Archives for posts with tag: Trailer Tuesdays


Mr. T, Winston from Ghostbusters, and prison boxing. You can’t lose. Although this trailer just shows everything that happens within the first ten minutes of the movie, it’s a pretty awesome exploitation trailer nonetheless.

And yes, there’s a Penitentiary 3, where our hero Too Sweet fights an albino villain named Serengeti and a crack-smoking dwarf.

Yep, we went and made a weekly feature for this here blog, “Trailer Tuesdays.” Perhaps we were inspired by Paul Scheer’s tweet about “White Dog,” the unreleased 1982 movie about the racist dog that kills people, or we were lazy and noticed that “trailer” and “Tuesday” both started with a T and thus was a great idea.

Either way, it feels really necessary to comment on the latest “movie as its own punchline” that’s hitting theaters soon, “Hot Tub Time Machine.”

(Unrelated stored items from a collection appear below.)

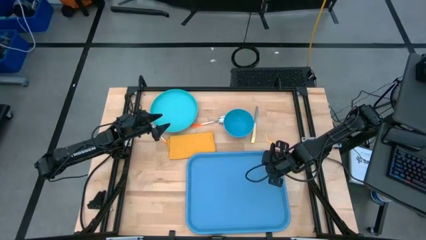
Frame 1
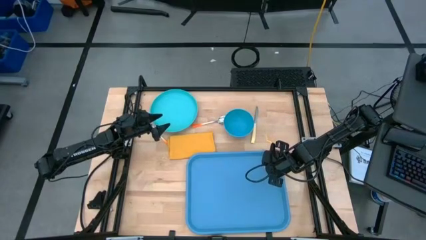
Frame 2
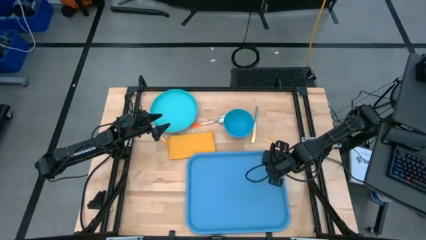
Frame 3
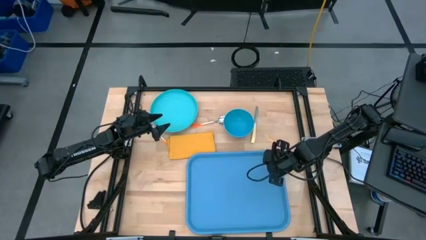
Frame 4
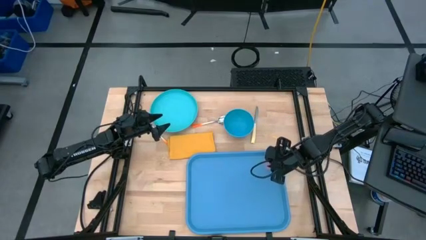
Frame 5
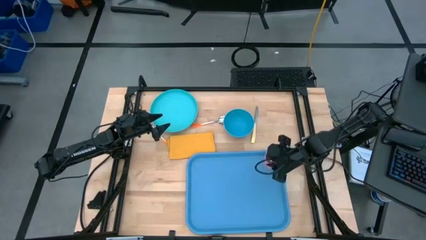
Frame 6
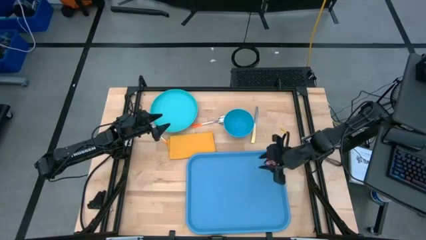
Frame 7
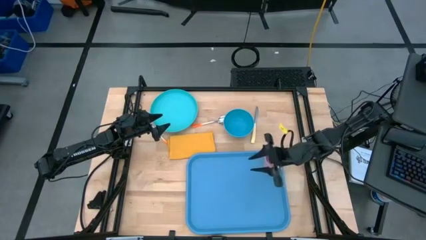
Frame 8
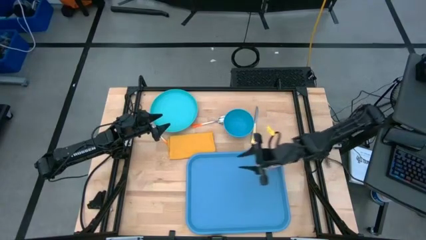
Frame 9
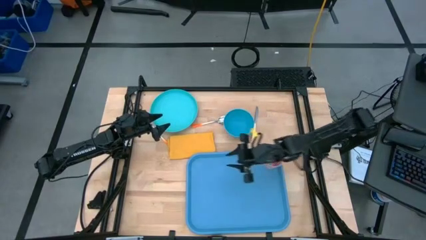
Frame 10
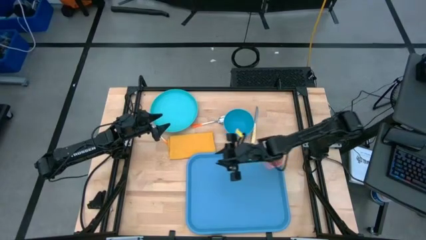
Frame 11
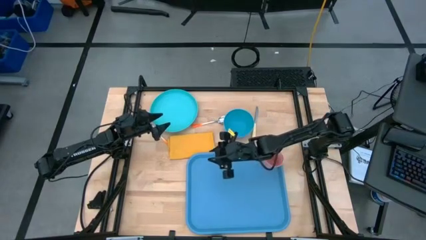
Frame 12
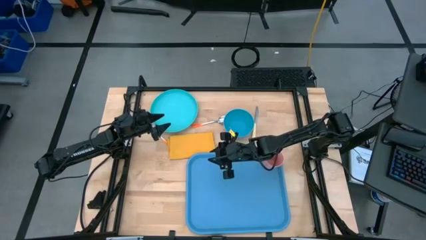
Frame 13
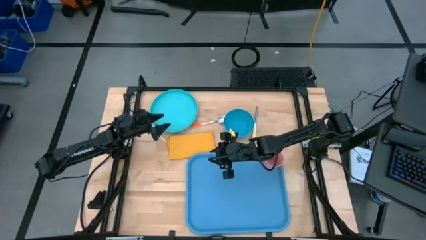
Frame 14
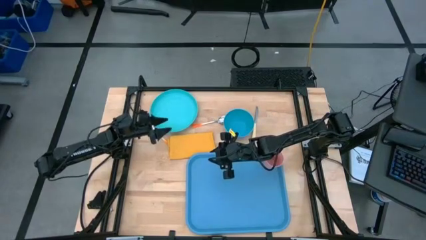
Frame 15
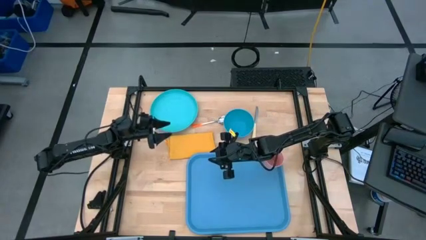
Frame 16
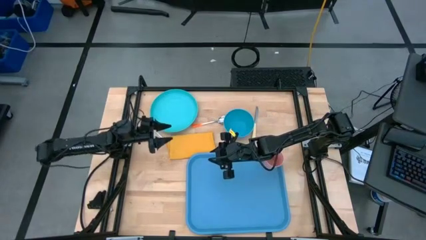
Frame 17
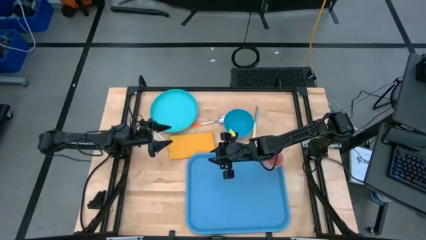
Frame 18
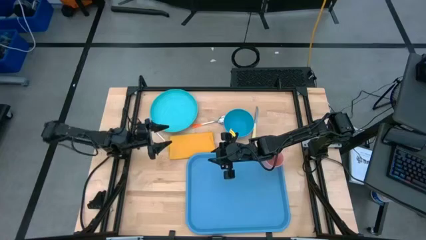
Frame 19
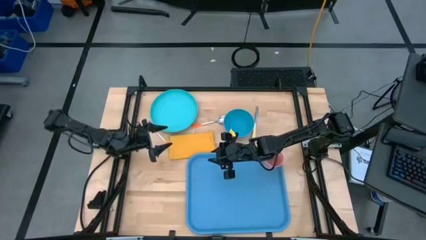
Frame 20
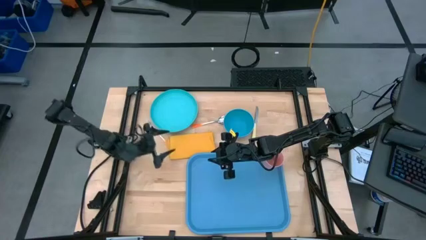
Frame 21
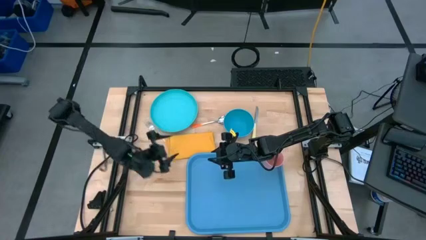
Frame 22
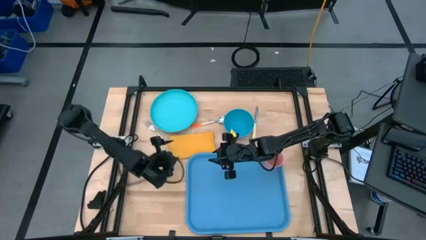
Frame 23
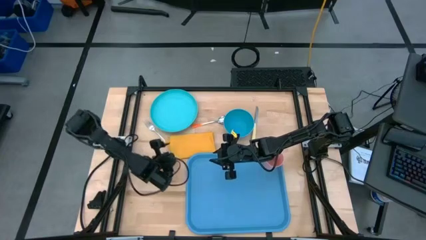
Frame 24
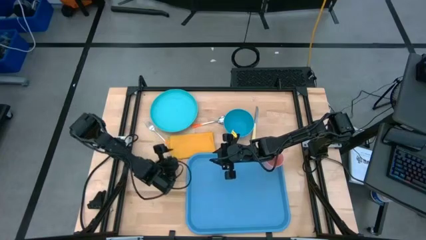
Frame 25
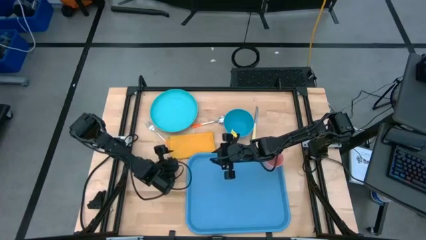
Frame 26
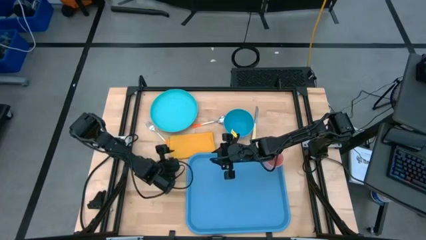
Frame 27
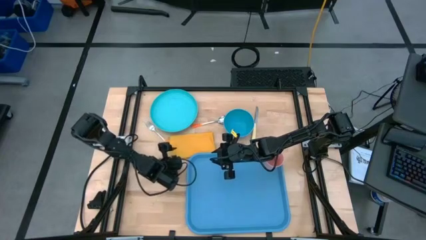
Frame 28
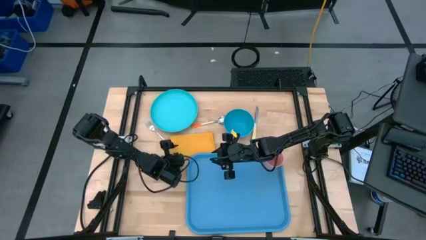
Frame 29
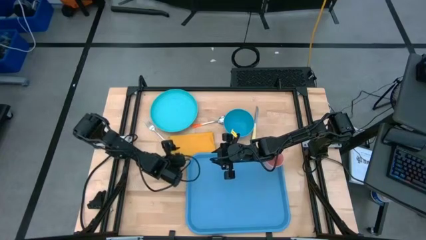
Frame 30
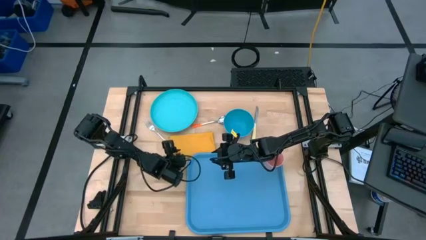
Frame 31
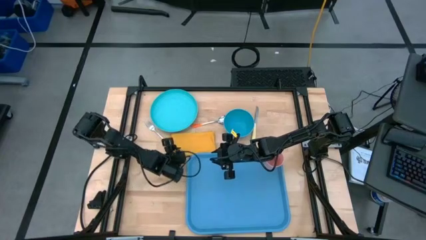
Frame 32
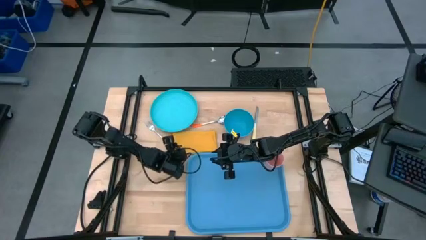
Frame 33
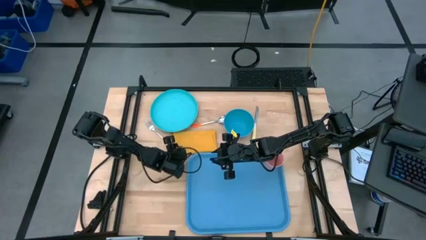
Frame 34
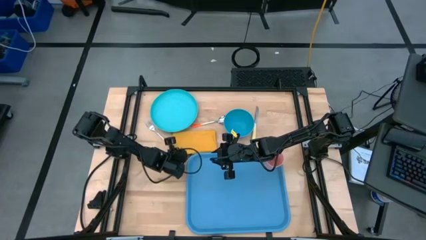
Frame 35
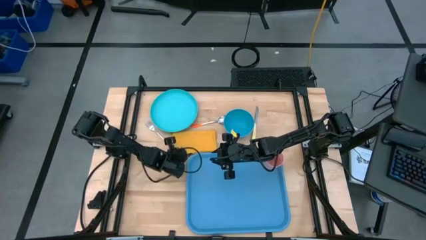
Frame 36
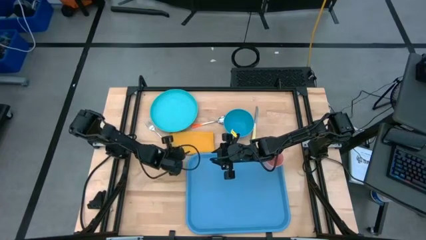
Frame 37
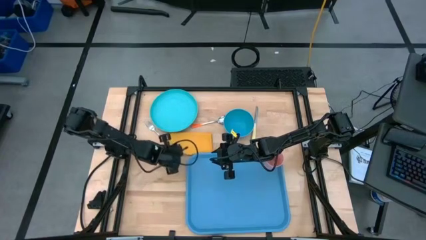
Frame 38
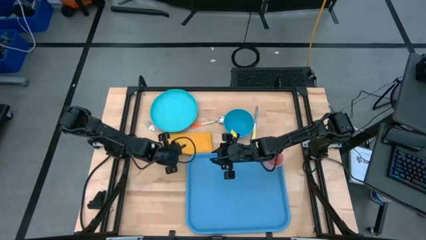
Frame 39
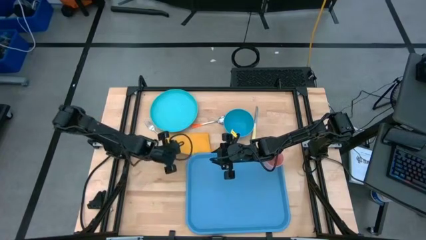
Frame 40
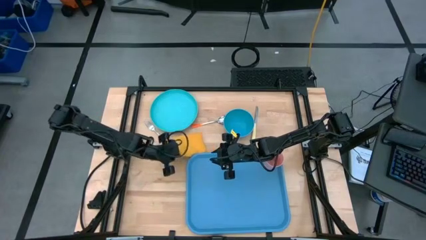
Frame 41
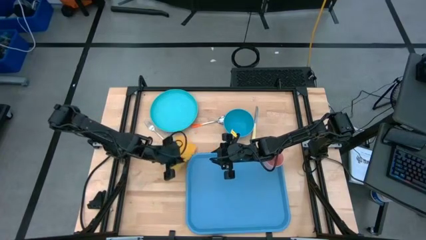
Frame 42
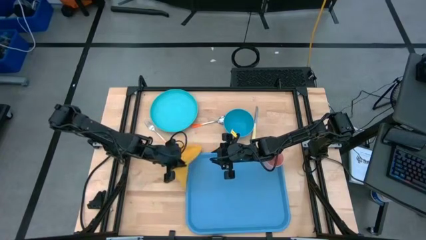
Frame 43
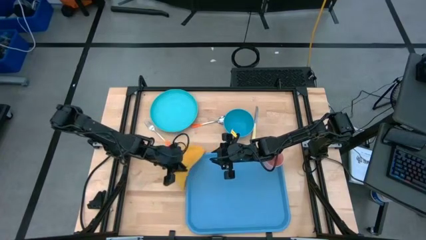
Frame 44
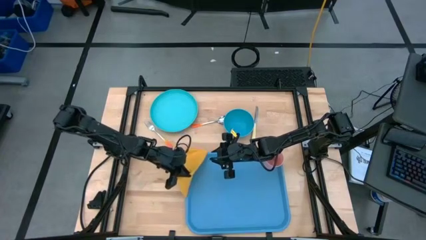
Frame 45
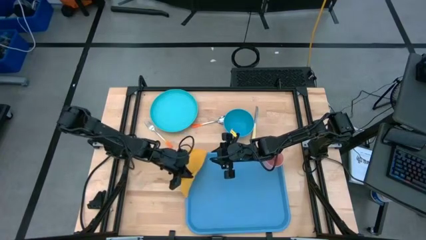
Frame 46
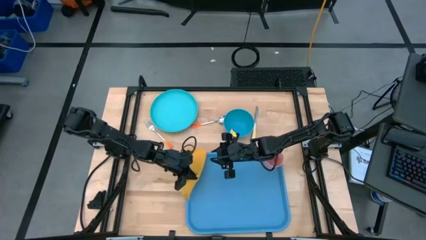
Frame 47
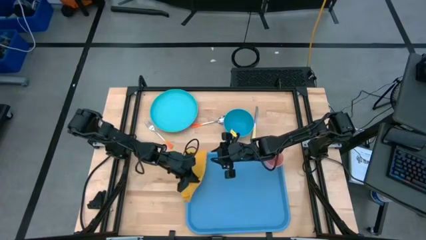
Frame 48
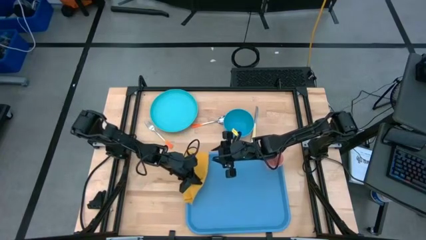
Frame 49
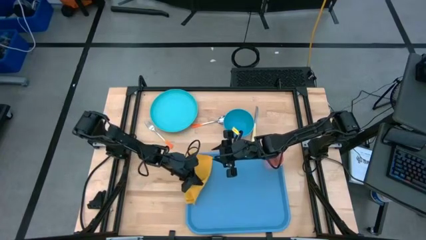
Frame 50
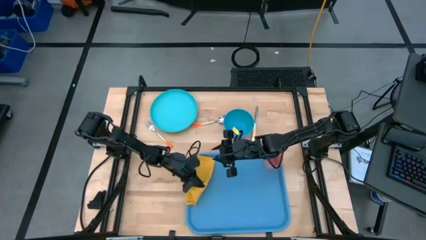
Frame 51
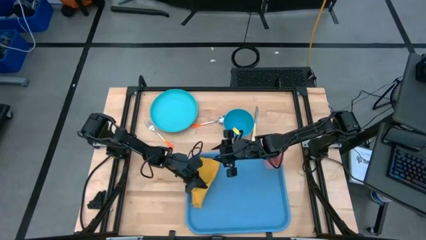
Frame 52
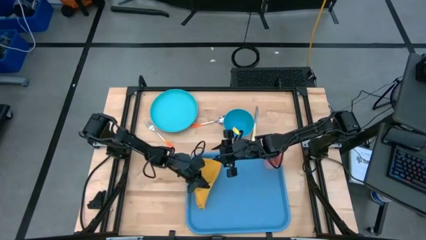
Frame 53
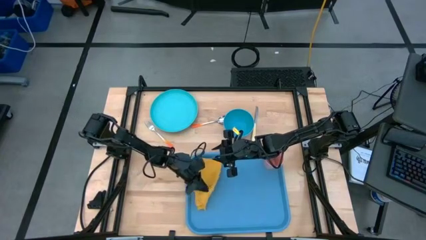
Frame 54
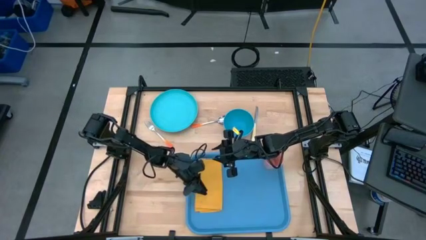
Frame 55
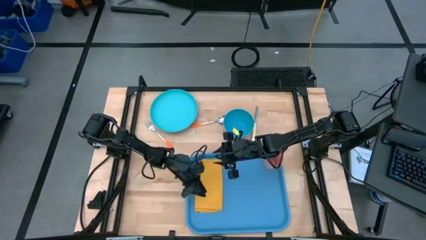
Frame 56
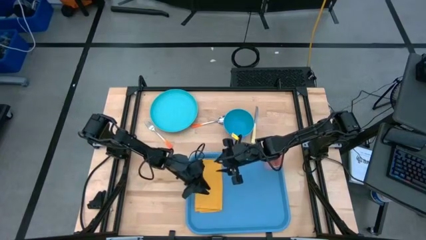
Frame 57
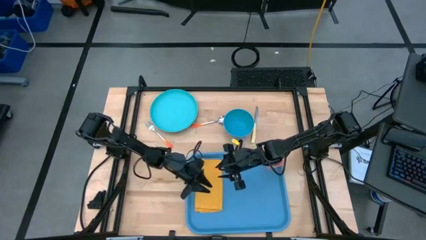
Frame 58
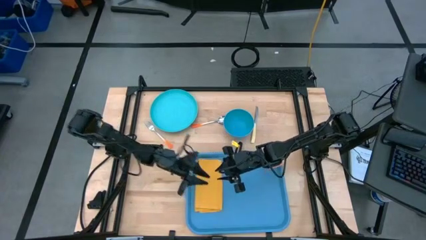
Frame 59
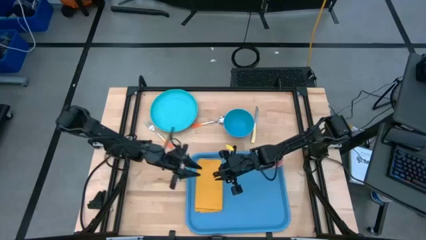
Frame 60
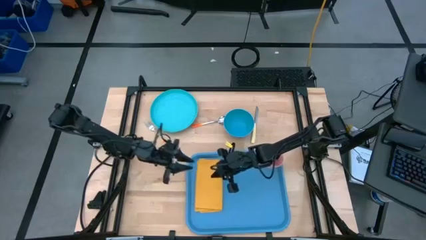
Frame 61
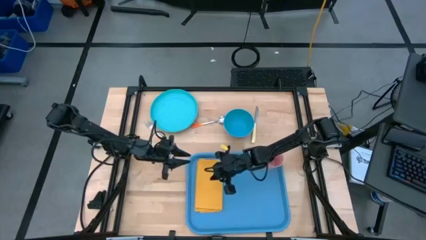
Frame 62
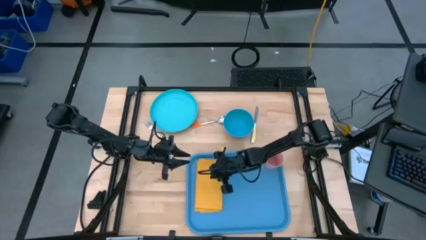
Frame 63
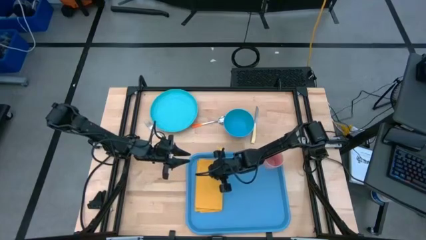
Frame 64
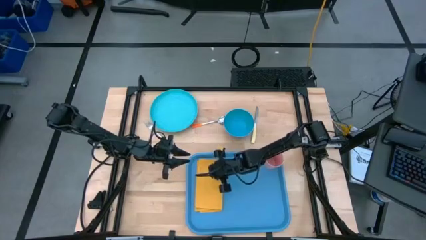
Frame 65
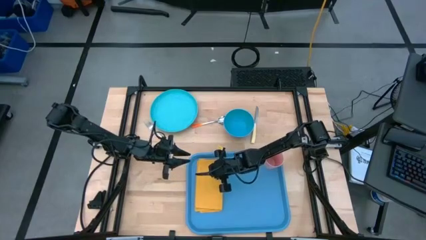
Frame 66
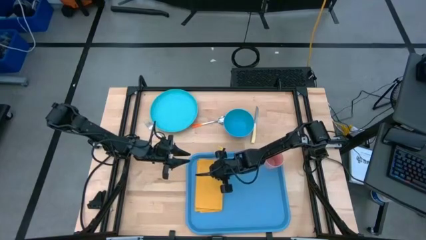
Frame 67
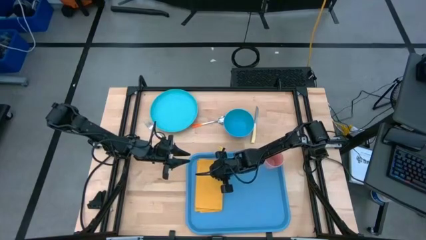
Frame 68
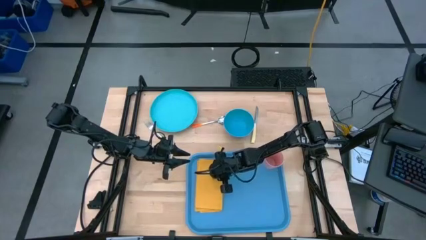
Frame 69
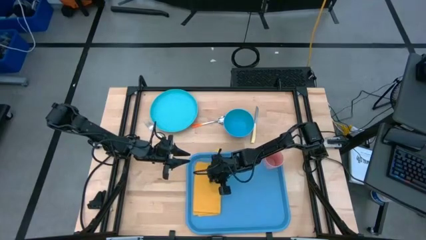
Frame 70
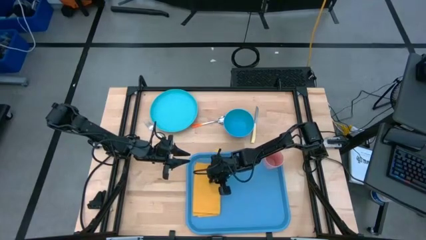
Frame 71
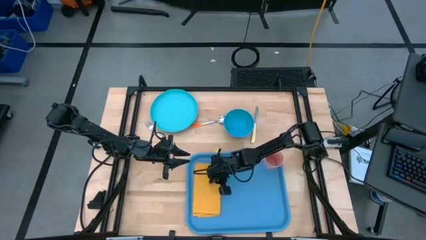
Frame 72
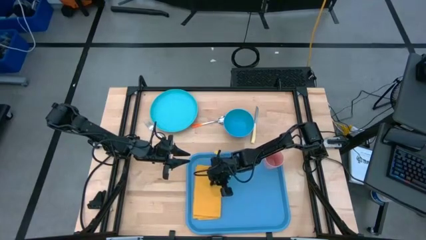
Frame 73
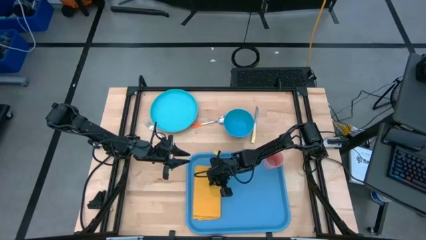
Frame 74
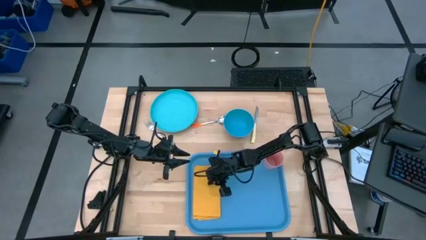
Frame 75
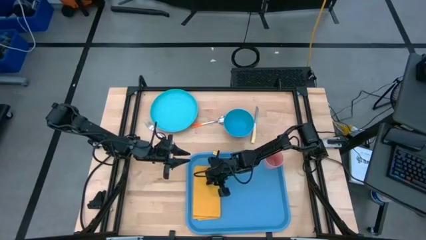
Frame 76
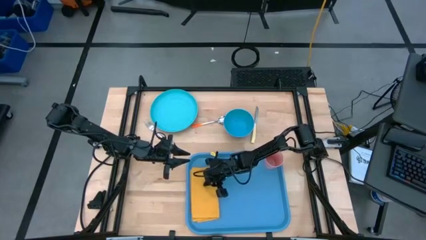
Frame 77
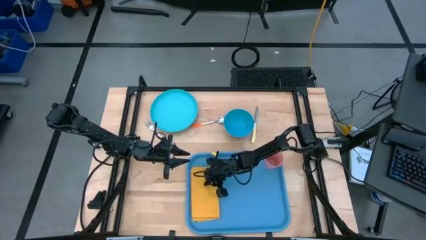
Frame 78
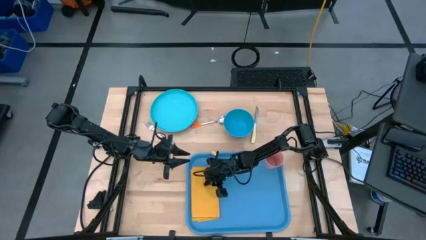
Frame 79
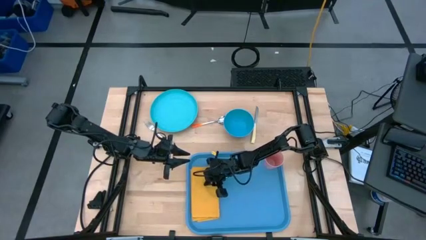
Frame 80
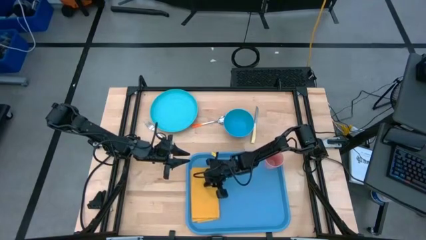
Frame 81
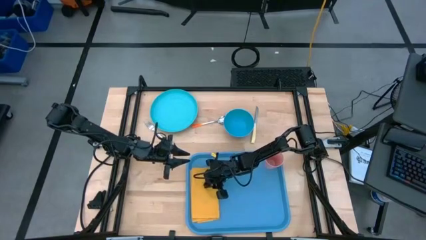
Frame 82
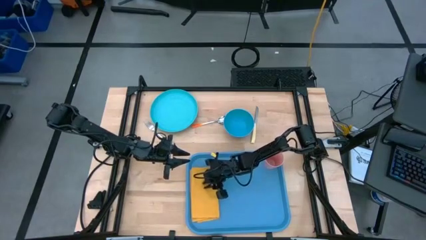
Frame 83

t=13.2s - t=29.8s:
Task: Set up tray
Put the orange napkin on the left of the blue serving tray

Much like “Snakes On A Plane,” “Hot Tub Time Machine’s” title is it’s own joke, a thin concept seemingly made for Twittering and online laughs. Although lacking the bizarre “crowd-sourced” element of “SOAP’s” famous line, “Hot Tub Time Machine” appears to have a veritable checklist of basic in-jokes in the trailer directed at the interests of internet denizens. 80’s jokes? Check. “Exclusive red band trailer?” Check. Former Daily Show correspondent? Check.

If there’s any case for the argument that the Internet is making us dumber, it’s this movie. Not that it’s the fault of the Internet, but when scriptwriters can gauge their literary successes with Tweetability, the future’s not looking bright for Hollywood.

On a related note, who keeps signing John Cusack up for crap like this? First it was “2012,” where he took a Nicholas Cage-ready shitpile, and now this. It’s like he lost a bet with his friends that he couldn’t move to C-list roles in less than a year.